**AIM OF THE TASK**
Repeat the data word for word. Do not include the pictures.

**DATA LISTING**
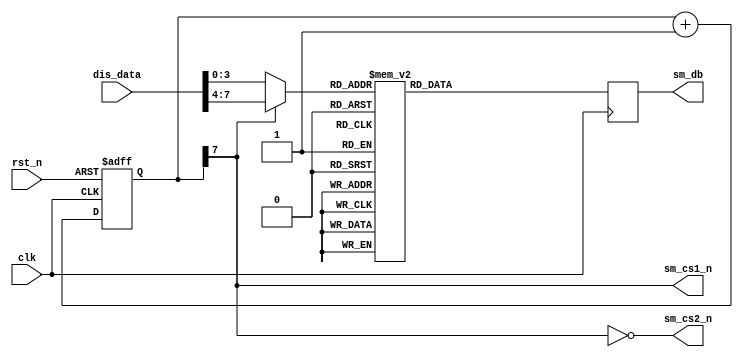
`timescale 1ns / 1ps
////////////////////////////////////////////////////////////////////////////////
// Company: 
// Engineer:
//
// Create Date:    
// Design Name:    
// Module Name:    
// Project Name:   
// Target Device:  
// Tool versions:  
// Description:
//
// Dependencies:
// 
// Revision:
// Revision 0.01 - File Created
// Additional Comments:
// 
////////////////////////////////////////////////////////////////////////////////
module led_seg7(
			clk,rst_n,
			dis_data,
			sm_cs1_n,sm_cs2_n,sm_db	
		);

input clk;		// 50MHz
input rst_n;	// 

input[7:0] dis_data;	//	
output sm_cs1_n,sm_cs2_n;	//
output[6:0] sm_db;	//7

reg[7:0] cnt;
always @ (posedge clk or negedge rst_n)
	if(!rst_n) cnt <= 8'd0;
	else cnt <= cnt+1'b1;
	
//-------------------------------------------------------------------------------
/*	 :
              ;0,  1,  2,  3,  4, 5,  6,  7,  
      db      3fh,06h,5bh,4fh,66h,6dh,7dh,07h 
              ;8,  9, a,  b,   c,  d,  e,  f ,    
      db      7fh,6fh,77h,7ch,39h,5eh,79h,71h,00h*/
parameter	seg0	= 7'h3f,
			seg1	= 7'h06,
			seg2	= 7'h5b,
			seg3	= 7'h4f,
			seg4	= 7'h66,
			seg5	= 7'h6d,
			seg6	= 7'h7d,
			seg7	= 7'h07,
			seg8	= 7'h7f,
			seg9	= 7'h6f,
			sega	= 7'h77,
			segb	= 7'h7c,
			segc	= 7'h39,
			segd	= 7'h5e,
			sege	= 7'h79,
			segf	= 7'h71;

reg[6:0] sm_dbr;		//7
	
wire[3:0] num;		//
assign num = cnt[7] ? dis_data[7:4] : dis_data[3:0];
assign sm_cs1_n = cnt[7];		//1
assign sm_cs2_n = ~cnt[7];		//2
	
always @ (posedge clk)
		case (num)	//NUM
			4'h0: sm_dbr <= seg0;
			4'h1: sm_dbr <= seg1;
			4'h2: sm_dbr <= seg2;
			4'h3: sm_dbr <= seg3;
			4'h4: sm_dbr <= seg4;
			4'h5: sm_dbr <= seg5;
			4'h6: sm_dbr <= seg6;
			4'h7: sm_dbr <= seg7;
			4'h8: sm_dbr <= seg8;
			4'h9: sm_dbr <= seg9;
			4'ha: sm_dbr <= sega;
			4'hb: sm_dbr <= segb;
			4'hc: sm_dbr <= segc;
			4'hd: sm_dbr <= segd;
			4'he: sm_dbr <= sege;
			4'hf: sm_dbr <= segf;
			default: ;
			endcase

assign sm_db = sm_dbr;
 
endmodule
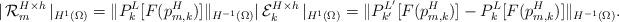
LaTeX: \begin{align*} |\, \mathcal{R}_{m}^{H \times h} \, |_{H^{1}(\Omega)} &=\| P_{k}^{L}[F(p_{m,k}^{H})] \|_{H^{-1}(\Omega)} |\, \mathcal{E}_{k}^{H \times h} \, |_{H^{1}(\Omega)} = \| P_{k'}^{L'}[F(p_{m,k}^{H})] - P_{k}^{L}[F(p_{m,k}^{H})] \|_{H^{-1}(\Omega)}.\end{align*}
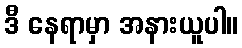
ဒီ နေရာမှာ အနားယူပါ။
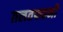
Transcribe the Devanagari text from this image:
ग़लतफहमी
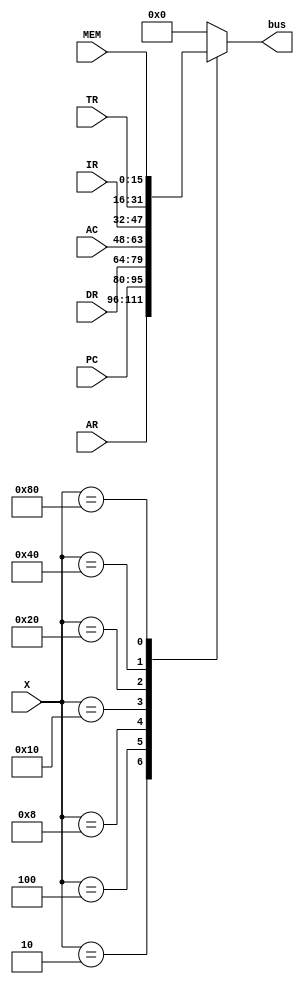
`timescale 1ns / 1ps
//////////////////////////////////////////////////////////////////////////////////
// Company: 
// Engineer: 
// 
// Design Name: 
// Module Name: bus
// Project Name: 
// Target Devices: 
// Tool Versions: 
// Description: 
// 
// Dependencies: 
// 
// Revision:
// Revision 0.01 - File Created
// Additional Comments:
// 
//////////////////////////////////////////////////////////////////////////////////


module bus(
input [7:0] X,
input [15:0] AR,PC,DR,AC,IR,TR,MEM,
output reg [15:0] bus
);
always @* begin
case(X)

  16'h01 : bus = 0;
  16'h02 : bus = AR;
  16'h04 : bus = PC;
  16'h08 : bus = DR;
  16'h10 : bus = AC;
  16'h20 : bus = IR;
  16'h40 : bus = TR;
  16'h80 : bus = MEM;
  default bus=0;

  

endcase
end





endmodule
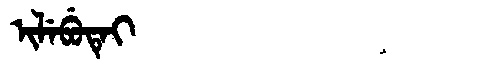
Manchu: ᡳᠯᡝᠪᡠᡨᡝᡳ
Romanization: ILEBUTEI
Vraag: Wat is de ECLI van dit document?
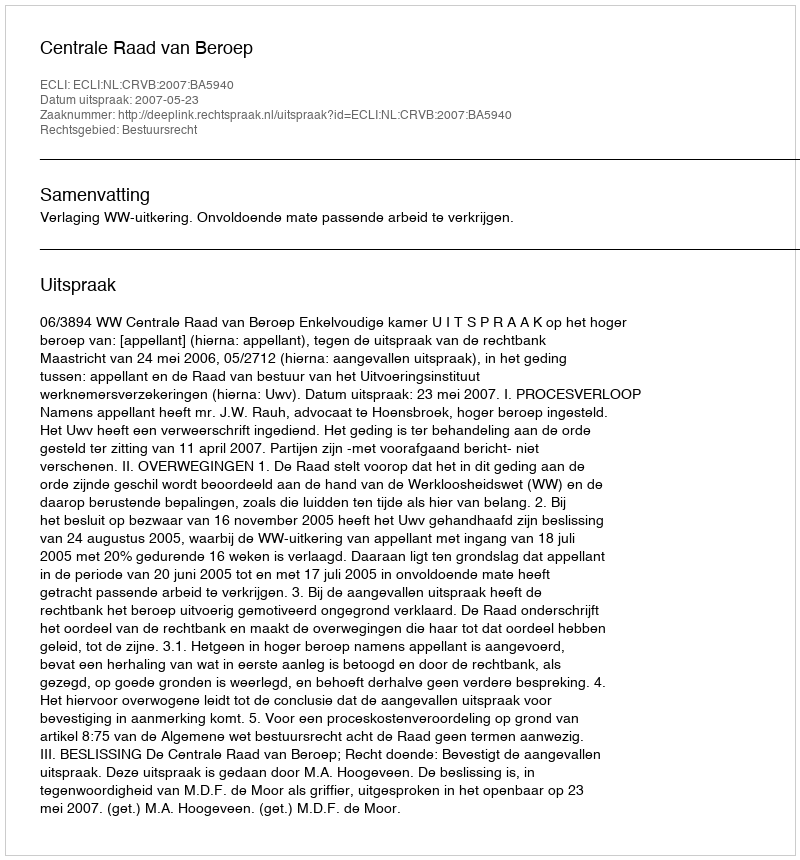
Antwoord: ECLI:NL:CRVB:2007:BA5940
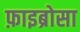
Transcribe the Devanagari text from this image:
फ़ाइब्रोसा
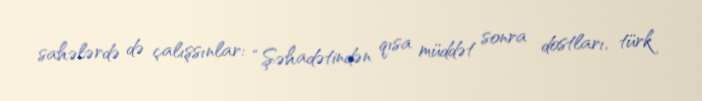
sahələrdə də çalışsınlar: “Şəhadətindən qısa müddət sonra dostları, türk
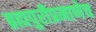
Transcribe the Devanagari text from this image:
ब्रह्मपुरीप्रमाणेच
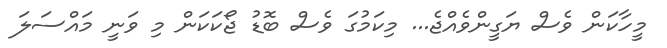
މީހާކަން ވެސް ޔަގީންވެއްޖެ... މިކަމުގަ ވެސް ބޮޑު ޖޯކަކަން މި ވަނީ މައްސަލަ
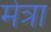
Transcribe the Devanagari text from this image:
मेत्रा
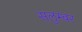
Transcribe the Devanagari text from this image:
सलुम्‍बर
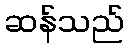
ဆန်သည်
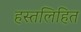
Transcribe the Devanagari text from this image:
हस्तलिहित

**WRITTEN RESPONSE**
`timescale 1ns / 1ps
////////////////////////////////////////////////////////////////////////////////
// Company: 
// Engineer:
//
// Create Date:    
// Design Name:    
// Module Name:    
// Project Name:   
// Target Device:  
// Tool versions:  
// Description:
//
// Dependencies:
// 
// Revision:
// Revision 0.01 - File Created
// Additional Comments:
// 
////////////////////////////////////////////////////////////////////////////////
module led_seg7(
			clk,rst_n,
			dis_data,
			sm_cs1_n,sm_cs2_n,sm_db	
		);

input clk;		// 50MHz
input rst_n;	// 

input[7:0] dis_data;	//	
output sm_cs1_n,sm_cs2_n;	//
output[6:0] sm_db;	//7

reg[7:0] cnt;
always @ (posedge clk or negedge rst_n)
	if(!rst_n) cnt <= 8'd0;
	else cnt <= cnt+1'b1;
	
//-------------------------------------------------------------------------------
/*	 :
              ;0,  1,  2,  3,  4, 5,  6,  7,  
      db      3fh,06h,5bh,4fh,66h,6dh,7dh,07h 
              ;8,  9, a,  b,   c,  d,  e,  f ,    
      db      7fh,6fh,77h,7ch,39h,5eh,79h,71h,00h*/
parameter	seg0	= 7'h3f,
			seg1	= 7'h06,
			seg2	= 7'h5b,
			seg3	= 7'h4f,
			seg4	= 7'h66,
			seg5	= 7'h6d,
			seg6	= 7'h7d,
			seg7	= 7'h07,
			seg8	= 7'h7f,
			seg9	= 7'h6f,
			sega	= 7'h77,
			segb	= 7'h7c,
			segc	= 7'h39,
			segd	= 7'h5e,
			sege	= 7'h79,
			segf	= 7'h71;

reg[6:0] sm_dbr;		//7
	
wire[3:0] num;		//
assign num = cnt[7] ? dis_data[7:4] : dis_data[3:0];
assign sm_cs1_n = cnt[7];		//1
assign sm_cs2_n = ~cnt[7];		//2
	
always @ (posedge clk)
		case (num)	//NUM
			4'h0: sm_dbr <= seg0;
			4'h1: sm_dbr <= seg1;
			4'h2: sm_dbr <= seg2;
			4'h3: sm_dbr <= seg3;
			4'h4: sm_dbr <= seg4;
			4'h5: sm_dbr <= seg5;
			4'h6: sm_dbr <= seg6;
			4'h7: sm_dbr <= seg7;
			4'h8: sm_dbr <= seg8;
			4'h9: sm_dbr <= seg9;
			4'ha: sm_dbr <= sega;
			4'hb: sm_dbr <= segb;
			4'hc: sm_dbr <= segc;
			4'hd: sm_dbr <= segd;
			4'he: sm_dbr <= sege;
			4'hf: sm_dbr <= segf;
			default: ;
			endcase

assign sm_db = sm_dbr;
 
endmodule
LaTeX: \begin{align*} |\, \mathcal{R}_{m}^{H \times h} \, |_{H^{1}(\Omega)} &=\| P_{k}^{L}[F(p_{m,k}^{H})] \|_{H^{-1}(\Omega)} |\, \mathcal{E}_{k}^{H \times h} \, |_{H^{1}(\Omega)} = \| P_{k'}^{L'}[F(p_{m,k}^{H})] - P_{k}^{L}[F(p_{m,k}^{H})] \|_{H^{-1}(\Omega)}.\end{align*}
ဒီ နေရာမှာ အနားယူပါ။
Transcribe the Devanagari text from this image:
ग़लतफहमी
`timescale 1ns / 1ps
//////////////////////////////////////////////////////////////////////////////////
// Company: 
// Engineer: 
// 
// Design Name: 
// Module Name: bus
// Project Name: 
// Target Devices: 
// Tool Versions: 
// Description: 
// 
// Dependencies: 
// 
// Revision:
// Revision 0.01 - File Created
// Additional Comments:
// 
//////////////////////////////////////////////////////////////////////////////////


module bus(
input [7:0] X,
input [15:0] AR,PC,DR,AC,IR,TR,MEM,
output reg [15:0] bus
);
always @* begin
case(X)

  16'h01 : bus = 0;
  16'h02 : bus = AR;
  16'h04 : bus = PC;
  16'h08 : bus = DR;
  16'h10 : bus = AC;
  16'h20 : bus = IR;
  16'h40 : bus = TR;
  16'h80 : bus = MEM;
  default bus=0;

  

endcase
end





endmodule
Manchu: ᡳᠯᡝᠪᡠᡨᡝᡳ
Romanization: ILEBUTEI
Vraag: Wat is de ECLI van dit document?
Antwoord: ECLI:NL:CRVB:2007:BA5940
Transcribe the Devanagari text from this image:
फ़ाइब्रोसा
sahələrdə də çalışsınlar: “Şəhadətindən qısa müddət sonra dostları, türk
Transcribe the Devanagari text from this image:
ब्रह्मपुरीप्रमाणेच
މީހާކަން ވެސް ޔަގީންވެއްޖެ... މިކަމުގަ ވެސް ބޮޑު ޖޯކަކަން މި ވަނީ މައްސަލަ
Transcribe the Devanagari text from this image:
मेत्रा
Transcribe the Devanagari text from this image:
सलुम्‍बर
ဆန်သည်
Transcribe the Devanagari text from this image:
हस्तलिहित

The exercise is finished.